4. Painful - The Washington Post reports the US government 'quietly agreed to forgo billions of dollars in potential tax payments from Citigroup as part of the deal announced this week to wean the company from the massive taxpayer bailout that helped it survive the financial crisis.' Oh boy. This is political dynamite.

The Internal Revenue Service on Friday issued an exception to long-standing tax rules for the benefit of Citigroup and a few other companies partially owned by the government. As a result, Citigroup will be allowed to retain billions of dollars worth of tax breaks that otherwise would decline in value when the government sells its stake to private investors. While the Obama administration has said taxpayers are likely to profit from the sale of the Citigroup shares, accounting experts said the lost tax revenue could easily outstrip those profits.

5. Helicopter Ben wins (we lose) - Time Magazine has awarded Federal Reserve Chairman Ben Bernanke the title of Man of the Year for 2009. Barack Obama got the gong last year. Many other leaders to receive the award include; (in highly selective fashion) Hitler (1938), Stalin (1939, 1942), Nixon (1971, 1972), Deng XiaoPing (1978, 1985) and George Bush (2000, 2004). He is the first Fed Chairman to get it.

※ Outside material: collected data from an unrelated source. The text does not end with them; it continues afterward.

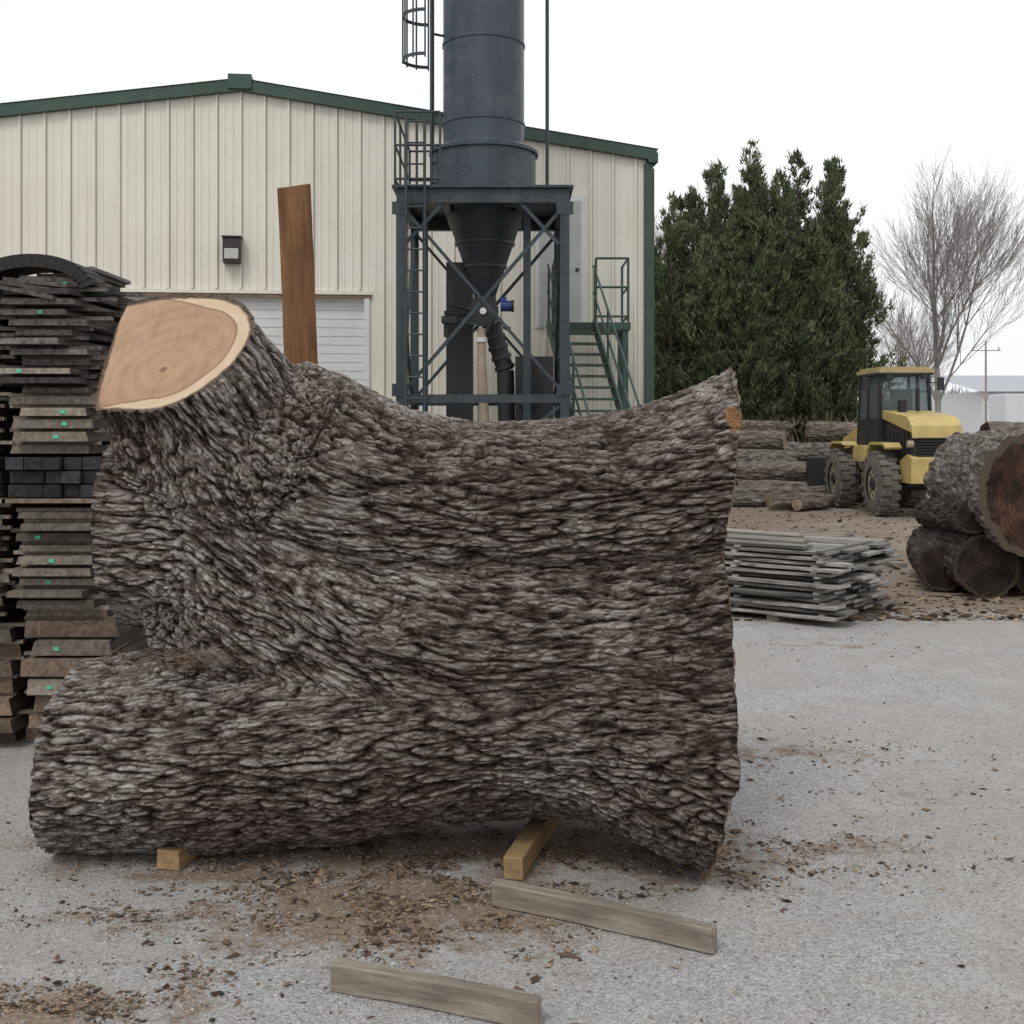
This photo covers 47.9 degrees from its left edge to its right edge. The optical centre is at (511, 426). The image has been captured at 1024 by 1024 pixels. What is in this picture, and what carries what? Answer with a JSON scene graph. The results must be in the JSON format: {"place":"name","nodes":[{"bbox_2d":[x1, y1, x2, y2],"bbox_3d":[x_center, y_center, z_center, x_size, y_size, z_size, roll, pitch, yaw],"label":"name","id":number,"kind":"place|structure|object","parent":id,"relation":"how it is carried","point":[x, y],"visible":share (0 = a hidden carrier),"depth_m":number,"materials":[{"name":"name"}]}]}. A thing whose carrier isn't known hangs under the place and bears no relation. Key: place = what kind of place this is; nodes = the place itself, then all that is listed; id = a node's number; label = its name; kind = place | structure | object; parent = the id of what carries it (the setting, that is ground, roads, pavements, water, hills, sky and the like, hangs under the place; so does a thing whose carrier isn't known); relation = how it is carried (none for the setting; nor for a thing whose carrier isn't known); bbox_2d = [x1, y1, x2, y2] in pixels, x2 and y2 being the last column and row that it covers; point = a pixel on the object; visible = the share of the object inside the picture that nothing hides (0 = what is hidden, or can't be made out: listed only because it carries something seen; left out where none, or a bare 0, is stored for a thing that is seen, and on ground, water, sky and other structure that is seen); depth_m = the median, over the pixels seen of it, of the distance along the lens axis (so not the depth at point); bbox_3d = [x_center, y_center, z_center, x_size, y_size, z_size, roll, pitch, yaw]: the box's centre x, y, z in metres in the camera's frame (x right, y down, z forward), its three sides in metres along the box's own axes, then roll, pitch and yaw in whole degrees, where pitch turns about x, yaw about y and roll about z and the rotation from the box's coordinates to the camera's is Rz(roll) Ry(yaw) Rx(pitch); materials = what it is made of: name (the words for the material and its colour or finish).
{"place":"outdoors","nodes":[
{"label":"outdoors","id":0,"kind":"place"},
{"bbox_2d":[0,73,657,421],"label":"metal warehouse","id":1,"kind":"structure","parent":0,"point":[160,191],"depth_m":20.09,"materials":[{"name":"beige metal"}]},
{"bbox_2d":[120,288,370,387],"bbox_3d":[-4.749,-0.385,20.036,4.570,3.970,0.220,0,0,-6],"label":"overhead door","id":2,"kind":"structure","parent":1,"relation":"in","point":[342,325],"depth_m":20.24,"materials":[{"name":"beige metal"}]},
{"bbox_2d":[535,196,584,327],"bbox_3d":[0.864,-2.940,20.544,0.900,2.360,0.098,0,0,-6],"label":"service door","id":3,"kind":"structure","parent":1,"relation":"in","point":[577,219],"depth_m":20.55,"materials":[{"name":"grey metal"}]},
{"bbox_2d":[0,493,1023,1023],"bbox_3d":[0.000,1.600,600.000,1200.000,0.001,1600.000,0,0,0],"label":"ground","id":4,"kind":"structure","parent":0,"point":[978,647],"depth_m":3.99,"materials":[{"name":"grey concrete"}]},
{"bbox_2d":[0,254,148,740],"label":"lumber stack","id":5,"kind":"object","parent":4,"relation":"on","point":[58,326],"visible":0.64,"depth_m":5.75,"materials":[{"name":"brown wood"}]},
{"bbox_2d":[157,845,196,870],"bbox_3d":[-1.203,1.562,4.326,0.098,0.073,0.364,0,0,13],"label":"wooden chock","id":6,"kind":"object","parent":4,"relation":"on","point":[174,858],"visible":0.3,"depth_m":4.15,"materials":[{"name":"brown wood"}]},
{"bbox_2d":[277,184,317,364],"bbox_3d":[-0.943,0.253,5.283,0.154,2.702,0.307,0,0,28],"label":"upright plank","id":7,"kind":"object","parent":4,"relation":"on","point":[297,275],"visible":0.35,"depth_m":5.20,"materials":[{"name":"brown wood"}]},
{"bbox_2d":[28,294,741,883],"bbox_3d":[-0.436,0.544,4.487,2.573,2.105,1.495,0,0,0],"label":"giant forked log","id":8,"kind":"object","parent":4,"relation":"on","point":[462,622],"visible":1,"depth_m":4.05,"materials":[{"name":"brown wood"}]},
{"bbox_2d":[70,625,290,679],"bbox_3d":[-1.077,0.798,4.063,0.906,0.204,0.514,0,0,0],"label":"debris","id":9,"kind":"object","parent":8,"relation":"on","point":[179,657],"visible":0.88,"depth_m":4.04,"materials":[{"name":"plant"}]},
{"bbox_2d":[330,958,541,1023],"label":"wooden timber","id":10,"kind":"object","parent":4,"relation":"on","point":[487,1002],"visible":1,"depth_m":3.15,"materials":[{"name":"grey wood"}]},
{"bbox_2d":[392,0,573,421],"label":"dust collector silo","id":11,"kind":"object","parent":4,"relation":"on","point":[483,197],"visible":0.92,"depth_m":16.97,"materials":[{"name":"paint"}]},
{"bbox_2d":[0,504,1023,1023],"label":"bark debris","id":12,"kind":"object","parent":4,"relation":"on","point":[376,902],"visible":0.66,"depth_m":3.98,"materials":[{"name":"brown wood"}]},
{"bbox_2d":[503,818,561,880],"bbox_3d":[0.095,1.557,4.405,0.080,0.083,0.720,0,0,15],"label":"wooden chock","id":13,"kind":"object","parent":4,"relation":"on","point":[526,847],"visible":0.72,"depth_m":4.20,"materials":[{"name":"brown wood"}]},
{"bbox_2d":[546,257,639,416],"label":"metal staircase","id":14,"kind":"structure","parent":4,"relation":"on","point":[619,331],"depth_m":18.73,"materials":[{"name":"green metal"}]},
{"bbox_2d":[491,879,716,953],"bbox_3d":[0.281,1.558,3.683,0.769,0.080,0.051,0,0,28],"label":"wooden timber","id":15,"kind":"object","parent":4,"relation":"on","point":[667,928],"visible":1,"depth_m":3.65,"materials":[{"name":"grey wood"}]},
{"bbox_2d":[654,235,675,395],"bbox_3d":[3.820,-2.553,33.013,4.051,8.306,3.638,0,0,0],"label":"cedar tree","id":16,"kind":"object","parent":4,"relation":"on","point":[659,244],"visible":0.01,"depth_m":32.96,"materials":[{"name":"green plant"}]},
{"bbox_2d":[654,191,742,399],"bbox_3d":[4.191,-2.459,31.719,4.262,8.118,3.814,0,0,0],"label":"cedar tree","id":17,"kind":"object","parent":4,"relation":"on","point":[669,272],"visible":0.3,"depth_m":31.18,"materials":[{"name":"green plant"}]},
{"bbox_2d":[654,168,753,380],"bbox_3d":[5.421,-2.863,32.228,4.183,8.925,4.527,0,0,-43],"label":"cedar tree","id":18,"kind":"object","parent":4,"relation":"on","point":[692,205],"visible":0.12,"depth_m":31.95,"materials":[{"name":"green plant"}]},
{"bbox_2d":[656,217,790,420],"bbox_3d":[5.638,-2.020,30.773,4.629,7.241,3.186,0,0,0],"label":"cedar tree","id":19,"kind":"object","parent":4,"relation":"on","point":[745,304],"visible":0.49,"depth_m":30.21,"materials":[{"name":"green plant"}]},
{"bbox_2d":[715,866,761,877],"bbox_3d":[0.793,1.589,4.107,0.198,0.013,0.016,0,0,32],"label":"fallen twig","id":20,"kind":"object","parent":4,"relation":"on","point":[730,871],"visible":0.8,"depth_m":4.10,"materials":[{"name":"brown wood"}]},
{"bbox_2d":[676,138,819,441],"bbox_3d":[6.599,-3.237,31.987,4.485,9.674,4.567,0,0,0],"label":"cedar tree","id":21,"kind":"object","parent":4,"relation":"on","point":[719,205],"visible":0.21,"depth_m":31.35,"materials":[{"name":"green plant"}]},
{"bbox_2d":[693,167,860,442],"bbox_3d":[7.156,-2.733,31.106,4.654,8.666,3.574,0,0,0],"label":"cedar tree","id":22,"kind":"object","parent":4,"relation":"on","point":[773,268],"visible":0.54,"depth_m":30.49,"materials":[{"name":"green plant"}]},
{"bbox_2d":[766,492,827,509],"bbox_3d":[5.450,1.419,22.049,1.105,0.336,0.336,1,-5,-5],"label":"sawn log","id":23,"kind":"object","parent":4,"relation":"on","point":[776,500],"visible":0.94,"depth_m":21.93,"materials":[{"name":"brown wood"}]},
{"bbox_2d":[742,407,857,442],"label":"undergrowth","id":24,"kind":"object","parent":4,"relation":"on","point":[794,431],"depth_m":29.52,"materials":[{"name":"brown plant"}]},
{"bbox_2d":[724,528,901,621],"bbox_3d":[1.840,1.277,10.595,3.151,0.646,1.574,0,0,38],"label":"slab stack","id":25,"kind":"object","parent":4,"relation":"on","point":[777,576],"visible":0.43,"depth_m":9.54,"materials":[{"name":"grey wood"}]},
{"bbox_2d":[792,495,834,509],"bbox_3d":[5.825,1.473,22.200,1.530,0.240,0.232,0,38,-52],"label":"sawn log","id":26,"kind":"object","parent":4,"relation":"on","point":[803,504],"visible":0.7,"depth_m":21.72,"materials":[{"name":"brown wood"}]},
{"bbox_2d":[757,148,883,440],"bbox_3d":[7.867,-3.086,31.834,4.713,9.371,4.046,0,0,-32],"label":"cedar tree","id":27,"kind":"object","parent":4,"relation":"on","point":[835,176],"visible":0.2,"depth_m":31.31,"materials":[{"name":"green plant"}]},
{"bbox_2d":[769,180,910,442],"bbox_3d":[8.706,-2.593,31.284,4.391,8.386,3.387,0,0,-41],"label":"cedar tree","id":28,"kind":"object","parent":4,"relation":"on","point":[827,258],"visible":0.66,"depth_m":30.66,"materials":[{"name":"green plant"}]},
{"bbox_2d":[775,531,907,567],"bbox_3d":[3.316,1.444,13.508,2.500,0.319,1.369,0,0,-14],"label":"slab stack","id":29,"kind":"object","parent":4,"relation":"on","point":[899,563],"visible":0.07,"depth_m":13.67,"materials":[{"name":"grey wood"}]},
{"bbox_2d":[732,420,1023,506],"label":"log pile","id":30,"kind":"object","parent":4,"relation":"on","point":[770,459],"visible":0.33,"depth_m":27.50,"materials":[{"name":"brown wood"}]},
{"bbox_2d":[806,367,962,516],"bbox_3d":[7.244,0.251,22.352,1.968,2.722,5.203,0,0,-2],"label":"wheel loader","id":31,"kind":"object","parent":4,"relation":"on","point":[882,454],"visible":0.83,"depth_m":21.28,"materials":[{"name":"yellow metal"}]},
{"bbox_2d":[866,287,965,388],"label":"bare tree","id":32,"kind":"object","parent":4,"relation":"on","point":[921,352],"visible":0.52,"depth_m":55.04,"materials":[{"name":"grey plant"}]},
{"bbox_2d":[854,385,980,421],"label":"distant treeline","id":33,"kind":"object","parent":4,"relation":"on","point":[955,390],"depth_m":130.58,"materials":[{"name":"plant"}]},
{"bbox_2d":[906,536,957,590],"bbox_3d":[4.341,1.354,11.851,0.466,0.478,1.555,16,4,15],"label":"sawn log","id":34,"kind":"object","parent":4,"relation":"on","point":[925,557],"visible":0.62,"depth_m":11.13,"materials":[{"name":"brown wood"}]},
{"bbox_2d":[856,144,1023,412],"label":"bare tree","id":35,"kind":"object","parent":4,"relation":"on","point":[936,280],"visible":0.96,"depth_m":39.30,"materials":[{"name":"grey plant"}]},
{"bbox_2d":[906,525,1020,597],"bbox_3d":[4.517,1.320,11.674,0.624,0.614,1.859,6,0,6],"label":"sawn log","id":36,"kind":"object","parent":4,"relation":"on","point":[979,565],"visible":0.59,"depth_m":10.76,"materials":[{"name":"brown wood"}]},
{"bbox_2d":[914,498,983,534],"bbox_3d":[4.402,0.891,11.575,0.348,0.354,1.665,7,-3,7],"label":"sawn log","id":37,"kind":"object","parent":36,"relation":"on","point":[951,515],"visible":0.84,"depth_m":11.16,"materials":[{"name":"brown wood"}]},
{"bbox_2d":[923,430,1023,557],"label":"sawn log","id":38,"kind":"object","parent":36,"relation":"on","point":[982,472],"visible":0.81,"depth_m":10.48,"materials":[{"name":"grey wood"}]},
{"bbox_2d":[972,341,1000,422],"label":"utility pole","id":39,"kind":"object","parent":4,"relation":"on","point":[985,419],"visible":0.76,"depth_m":61.95,"materials":[{"name":"grey wood"}]},
{"bbox_2d":[989,394,1023,421],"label":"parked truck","id":40,"kind":"object","parent":4,"relation":"on","point":[1007,407],"visible":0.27,"depth_m":70.00,"materials":[{"name":"white metal"}]},
{"bbox_2d":[1010,558,1023,592],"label":"sawn log","id":41,"kind":"object","parent":4,"relation":"on","point":[1018,586],"visible":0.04,"depth_m":10.90,"materials":[{"name":"brown wood"}]},
{"bbox_2d":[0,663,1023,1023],"bbox_3d":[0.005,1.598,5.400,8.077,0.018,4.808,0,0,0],"label":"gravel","id":42,"kind":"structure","parent":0,"point":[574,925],"depth_m":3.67,"materials":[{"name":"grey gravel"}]},
{"bbox_2d":[0,0,1023,400],"label":"sky","id":43,"kind":"structure","parent":0,"point":[882,87],"materials":[{"name":"white"}]},
{"bbox_2d":[654,210,669,263],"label":"bare tree","id":44,"kind":"object","parent":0,"point":[659,233],"visible":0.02,"depth_m":44.03,"materials":[{"name":"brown plant"}]},
{"bbox_2d":[654,163,732,265],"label":"bare tree","id":45,"kind":"object","parent":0,"point":[675,227],"visible":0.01,"depth_m":42.34,"materials":[{"name":"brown plant"}]},
{"bbox_2d":[931,376,1023,432],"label":"distant warehouse","id":46,"kind":"structure","parent":0,"point":[967,409],"depth_m":91.65,"materials":[{"name":"white metal"}]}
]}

Professor Bernanke of Princeton was a leading scholar of the Great Depression. He knew how the passive Fed of the 1930s helped create the calamity "” through its stubborn refusal to expand the money supply and its tragic lack of imagination and experimentation. Chairman Bernanke of Washington was determined not to be the Fed chairman who presided over Depression 2.0. So when turbulence in U.S. housing markets metastasized into the worst global financial crisis in more than 75 years, he conjured up trillions of new dollars and blasted them into the economy; engineered massive public rescues of failing private companies; ratcheted down interest rates to zero; lent to mutual funds, hedge funds, foreign banks, investment banks, manufacturers, insurers and other borrowers who had never dreamed of receiving Fed cash; jump-started stalled credit markets in everything from car loans to corporate paper; revolutionized housing finance with a breathtaking shopping spree for mortgage bonds; blew up the Fed's balance sheet to three times its previous size; and generally transformed the staid arena of central banking into a stage for desperate improvisation. He didn't just reshape U.S. monetary policy; he led an effort to save the world economy. In 2009, Bernanke hurled unprecedented amounts of money into the banking system in unprecedented ways, while starting to lay the groundwork for the Fed's eventual return to normality. He helped oversee the financial stress tests that finally calmed the markets, while launching a groundbreaking public relations campaign to demystify the Fed. Now that Obama has decided to keep him in his job, he has become a lightning rod in an intense national debate over the Fed as it approaches its second century. But the main reason Ben Shalom Bernanke is TIME's Person of the Year for 2009 is that he is the most important player guiding the world's most important economy. His creative leadership helped ensure that 2009 was a period of weak recovery rather than catastrophic depression, and he still wields unrivaled power over our money, our jobs, our savings and our national future. The decisions he has made, and those he has yet to make, will shape the path of our prosperity, the direction of our politics and our relationship to the world.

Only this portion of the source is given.